A structured set of objections, weighed in public.

Desk editor's note, referee report, simulated authors' rebuttal, and a circularity audit. Tearing a paper down is the easy half of reading it; the pith above is the substance, this is the friction.

Referee Report

0 major / 3 minor

Summary. The paper claims that incorporating a sleep-like consolidation phase, where the model performs N offline recurrent passes over context to update fast weights in SSM blocks using a learned local rule, allows for improved performance on long-horizon tasks during online inference. This is evaluated on synthetic tasks such as cellular automata and multi-hop graph retrieval, as well as a math reasoning task, demonstrating that larger N leads to better results, with the most significant improvements on examples requiring deeper reasoning where standard models fail.

Significance. If the results are robust, this method represents a meaningful advance in handling long contexts by moving computation to an offline "sleep" phase, preserving online latency. The manuscript's strength lies in its use of controlled synthetic tasks with ablations on sleep duration N and task difficulty, providing evidence for the consolidation mechanism. The empirical nature of the work, with comparisons to failing baselines, is noted positively. The stress-test concern regarding whether offline passes consolidate information to improve inference does not appear to land as a flaw, given the reported controlled comparisons and ablations.

minor comments (3)
  1. [Abstract] Consider adding a sentence summarizing the magnitude of performance gains with increasing N to better highlight the key finding.
  2. [Method] Provide a clearer definition or equation for the learned local rule used to update the fast weights in the SSM blocks.
  3. [Experiments] Include error bars or standard deviations in the reported results for different values of N to allow assessment of variability.
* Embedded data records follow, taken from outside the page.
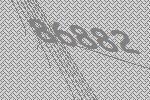
86882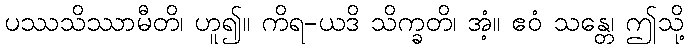
ပဿသိဿာမီတိ၊ ဟူ၍။ ကိရ-ယဒိ သိက္ခတိ၊ အံ့။ ဧဝံ သန္တေ၊ ဤသို့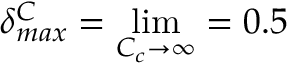
\delta _ { m a x } ^ { C } = \operatorname* { l i m } _ { { C _ { c } \rightarrow \infty } } = 0 . 5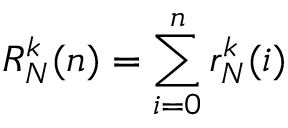
R _ { N } ^ { k } ( n ) = \sum _ { i = 0 } ^ { n } r _ { N } ^ { k } ( i )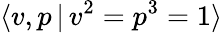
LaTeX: \langle v,p\, |\, v^{2}=p^{3}=1\rangle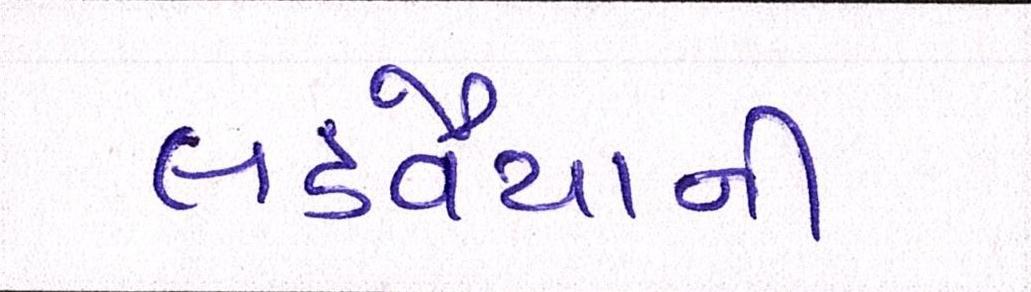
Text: લડવૈયાની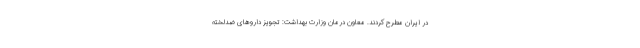
در ایران مطرح کردند. معاون درمان وزارت بهداشت: تجویز داروهای ضدلخته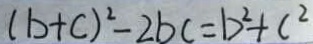
( b + c ) ^ { 2 } - 2 b c = b ^ { 2 } + c ^ { 2 }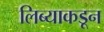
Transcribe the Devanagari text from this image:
लिब्याकडून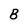
Character: B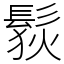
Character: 䯼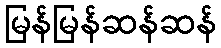
မြန်မြန်ဆန်ဆန်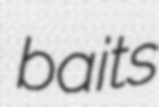
baits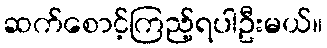
ဆက်စောင့်ကြည့်ရပါဦးမယ်။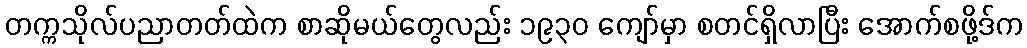
တက္ကသိုလ်ပညာတတ်ထဲက စာဆိုမယ်တွေလည်း ၁၉၃၀ ကျော်မှာ စတင်ရှိလာပြီး အောက်စဖို့ဒ်က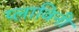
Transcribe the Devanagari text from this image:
प्लाविनी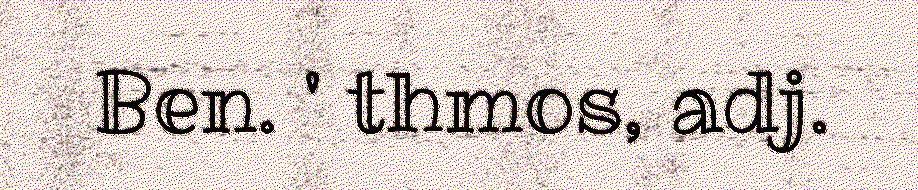
Ben. ' thmos, adj.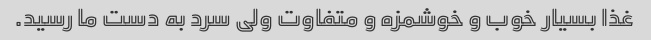
غذا بسیار خوب و خوشمزه و متفاوت ولی سرد به دست ما رسید.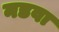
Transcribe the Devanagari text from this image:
नडवा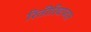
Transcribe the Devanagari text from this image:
रितीरिवाजात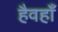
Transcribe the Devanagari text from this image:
हैवहाँ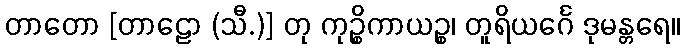
တာတော [တာဠော (သီ.)] တု ကုဉ္စိကာယဉ္စ၊ တူရိယင်္ဂေ ဒုမန္တရေ။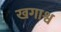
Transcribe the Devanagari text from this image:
खगाश्व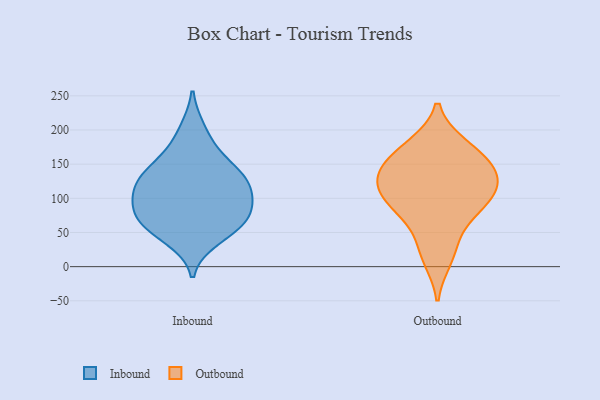
{"axis": {"x": "Tickets Resolved", "y": "Value"}, "legend": ["Inbound", "Outbound"], "data": [{"x": "", "y": 95, "type": "Inbound"}, {"x": "", "y": 143, "type": "Inbound"}, {"x": "", "y": 127, "type": "Inbound"}, {"x": "", "y": 166, "type": "Inbound"}, {"x": "", "y": 60, "type": "Inbound"}, {"x": "", "y": 134, "type": "Inbound"}, {"x": "", "y": 82, "type": "Inbound"}, {"x": "", "y": 200, "type": "Inbound"}, {"x": "", "y": 61, "type": "Inbound"}, {"x": "", "y": 113, "type": "Inbound"}, {"x": "", "y": 41, "type": "Inbound"}, {"x": "", "y": 65, "type": "Inbound"}, {"x": "", "y": 120, "type": "Inbound"}, {"x": "", "y": 89, "type": "Inbound"}, {"x": "", "y": 148, "type": "Outbound"}, {"x": "", "y": 107, "type": "Outbound"}, {"x": "", "y": 177, "type": "Outbound"}, {"x": "", "y": 175, "type": "Outbound"}, {"x": "", "y": 118, "type": "Outbound"}, {"x": "", "y": 116, "type": "Outbound"}, {"x": "", "y": 80, "type": "Outbound"}, {"x": "", "y": 32, "type": "Outbound"}, {"x": "", "y": 12, "type": "Outbound"}, {"x": "", "y": 135, "type": "Outbound"}, {"x": "", "y": 135, "type": "Outbound"}, {"x": "", "y": 94, "type": "Outbound"}, {"x": "", "y": 156, "type": "Outbound"}, {"x": "", "y": 79, "type": "Outbound"}]}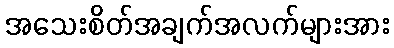
အသေးစိတ်အချက်အလက်များအား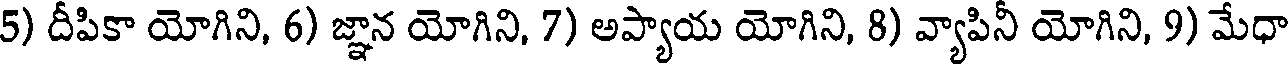
5) దీపికా యోగిని, 6) జ్ఞాన యోగిని, 7) అప్యాయ యోగిని, 8) వ్యాపినీ యోగిని, 9) మేధా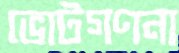
ভোটগণনা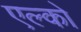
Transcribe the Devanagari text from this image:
एल्को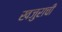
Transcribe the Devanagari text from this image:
खजुराची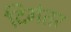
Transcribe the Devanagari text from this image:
दिगंतर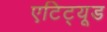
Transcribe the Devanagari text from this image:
एटिट्यूड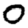
Digit: 0

Simulated Author's Rebuttal

0 responses · 0 unresolved

We thank the referee for their positive assessment of the manuscript, accurate summary of the proposed sleep-like consolidation mechanism, and recommendation for minor revision. We appreciate the recognition of the controlled synthetic tasks, ablations on sleep duration N, and comparisons to failing baselines.

Circularity Check

0 steps flagged

No significant circularity detected

full rationale

The paper presents an empirical method for offline recurrence in SSM-augmented models, with performance gains demonstrated via controlled experiments on synthetic and math tasks as N increases. No equations, fitted parameters, or self-citations are shown to reduce the central claim (improved inference via sleep consolidation) to a definitional tautology or input by construction. The reported scaling with N is an observed outcome rather than a renamed fit or self-referential prediction. The derivation chain is self-contained against external benchmarks and does not invoke load-bearing self-citations or ansatzes that collapse the result.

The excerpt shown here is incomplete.